Please output exactly the part of the records below that opens with the line containing "#46443 = EDGE_CURVE" and closes with the line containing "#60404 = CARTESIAN_POINT", both lines included, and nothing else.

★ ★ ★ ★ ★

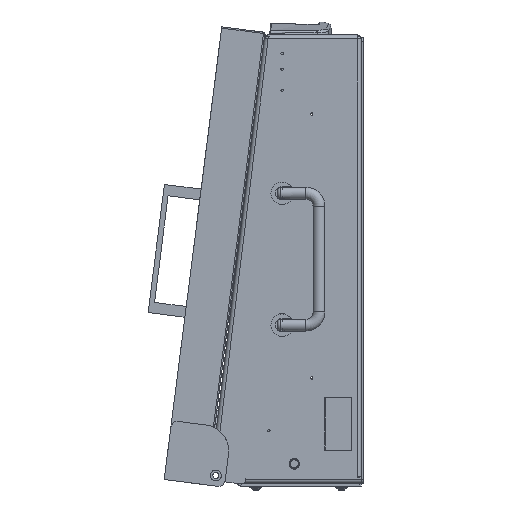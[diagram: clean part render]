
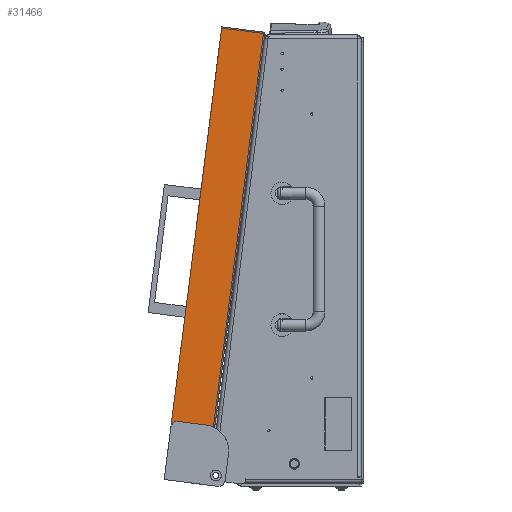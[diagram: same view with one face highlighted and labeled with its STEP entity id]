
A CAD part, left-side view. The second image highlights one B-rep face of the part: STEP entity #31466.
In plain terms, the highlighted planar face has unit normal (-1, 0, 0).
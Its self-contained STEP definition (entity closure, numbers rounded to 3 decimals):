
#4282 = LINE ( 'NONE', #59472, #11355 ) ;
#5671 = CARTESIAN_POINT ( 'NONE',  ( -232.5, 33., 173. ) ) ;
#6434 = VECTOR ( 'NONE', #31407, 1000. ) ;
#7996 = CARTESIAN_POINT ( 'NONE',  ( -232.5, 0., -129.265 ) ) ;
#8000 = VERTEX_POINT ( 'NONE', #55925 ) ;
#11355 = VECTOR ( 'NONE', #70779, 1000. ) ;
#11542 = AXIS2_PLACEMENT_3D ( 'NONE', #60404, #59672, #43914 ) ;
#12950 = LINE ( 'NONE', #40329, #35820 ) ;
#13782 = VERTEX_POINT ( 'NONE', #21346 ) ;
#14551 = AXIS2_PLACEMENT_3D ( 'NONE', #52469, #68574, #40024 ) ;
#15165 = DIRECTION ( 'NONE',  ( -1., 0., 0. ) ) ;
#15325 = CARTESIAN_POINT ( 'NONE',  ( -232.5, 0., -173. ) ) ;
#16313 = EDGE_CURVE ( 'NONE', #53699, #47898, #12950, .T. ) ;
#19327 = EDGE_CURVE ( 'NONE', #26104, #8000, #60017, .T. ) ;
#19604 = CIRCLE ( 'NONE', #39367, 20. ) ;
#20867 = CARTESIAN_POINT ( 'NONE',  ( -232.5, 33., -133. ) ) ;
#21346 = CARTESIAN_POINT ( 'NONE',  ( -232.5, 0., 173. ) ) ;
#21707 = FACE_OUTER_BOUND ( 'NONE', #23234, .T. ) ;
#23234 = EDGE_LOOP ( 'NONE', ( #43566, #43151, #63100, #36722, #39412, #25987 ) ) ;
#23954 = DIRECTION ( 'NONE',  ( 0., 0., 1. ) ) ;
#25312 = EDGE_CURVE ( 'NONE', #53699, #8000, #39044, .T. ) ;
#25987 = ORIENTED_EDGE ( 'NONE', *, *, #25312, .T. ) ;
#26104 = VERTEX_POINT ( 'NONE', #43159 ) ;
#27387 = LINE ( 'NONE', #15325, #6434 ) ;
#31407 = DIRECTION ( 'NONE',  ( 0., 0., 1. ) ) ;
#31466 = ADVANCED_FACE ( 'NONE', ( #21707 ), #60029, .F. ) ;
#35820 = VECTOR ( 'NONE', #23954, 1000. ) ;
#36722 = ORIENTED_EDGE ( 'NONE', *, *, #45976, .F. ) ;
#37398 = DIRECTION ( 'NONE',  ( 0., 0., -1. ) ) ;
#39044 = CIRCLE ( 'NONE', #14551, 5. ) ;
#39367 = AXIS2_PLACEMENT_3D ( 'NONE', #65200, #15165, #37398 ) ;
#39412 = ORIENTED_EDGE ( 'NONE', *, *, #16313, .F. ) ;
#40024 = DIRECTION ( 'NONE',  ( 0., 0., -1. ) ) ;
#40329 = CARTESIAN_POINT ( 'NONE',  ( -232.5, 33., -173. ) ) ;
#42814 = CARTESIAN_POINT ( 'NONE',  ( -232.5, 33., -128. ) ) ;
#43151 = ORIENTED_EDGE ( 'NONE', *, *, #46443, .F. ) ;
#43159 = CARTESIAN_POINT ( 'NONE',  ( -232.5, 7., -128. ) ) ;
#43566 = ORIENTED_EDGE ( 'NONE', *, *, #19327, .F. ) ;
#43914 = DIRECTION ( 'NONE',  ( 0., 0., -1. ) ) ;
#45976 = EDGE_CURVE ( 'NONE', #47898, #13782, #4282, .T. ) ;
#46443 = EDGE_CURVE ( 'NONE', #64551, #26104, #19604, .T. ) ;
#47898 = VERTEX_POINT ( 'NONE', #5671 ) ;
#52469 = CARTESIAN_POINT ( 'NONE',  ( -232.5, 28., -133. ) ) ;
#53699 = VERTEX_POINT ( 'NONE', #20867 ) ;
#55925 = CARTESIAN_POINT ( 'NONE',  ( -232.5, 28., -128. ) ) ;
#59472 = CARTESIAN_POINT ( 'NONE',  ( -232.5, 33., 173. ) ) ;
#59672 = DIRECTION ( 'NONE',  ( 1., 0., 0. ) ) ;
#60017 = LINE ( 'NONE', #42814, #70168 ) ;
#60029 = PLANE ( 'NONE',  #11542 ) ;
#60404 = CARTESIAN_POINT ( 'NONE',  ( -232.5, 33., -173. ) ) ;
#60441 = EDGE_CURVE ( 'NONE', #64551, #13782, #27387, .T. ) ;
#63100 = ORIENTED_EDGE ( 'NONE', *, *, #60441, .T. ) ;
#64551 = VERTEX_POINT ( 'NONE', #7996 ) ;
#65200 = CARTESIAN_POINT ( 'NONE',  ( -232.5, 7., -148. ) ) ;
#66590 = DIRECTION ( 'NONE',  ( 0., 1., 0. ) ) ;
#68574 = DIRECTION ( 'NONE',  ( 1., 0., 0. ) ) ;
#70168 = VECTOR ( 'NONE', #66590, 1000. ) ;
#70779 = DIRECTION ( 'NONE',  ( 0., -1., 0. ) ) ;

★ ★ ★ ★ ★

> **Answer box**
#46443 = EDGE_CURVE ( 'NONE', #64551, #26104, #19604, .T. ) ;
#47898 = VERTEX_POINT ( 'NONE', #5671 ) ;
#52469 = CARTESIAN_POINT ( 'NONE',  ( -232.5, 28., -133. ) ) ;
#53699 = VERTEX_POINT ( 'NONE', #20867 ) ;
#55925 = CARTESIAN_POINT ( 'NONE',  ( -232.5, 28., -128. ) ) ;
#59472 = CARTESIAN_POINT ( 'NONE',  ( -232.5, 33., 173. ) ) ;
#59672 = DIRECTION ( 'NONE',  ( 1., 0., 0. ) ) ;
#60017 = LINE ( 'NONE', #42814, #70168 ) ;
#60029 = PLANE ( 'NONE',  #11542 ) ;
#60404 = CARTESIAN_POINT ( 'NONE',  ( -232.5, 33., -173. ) ) ;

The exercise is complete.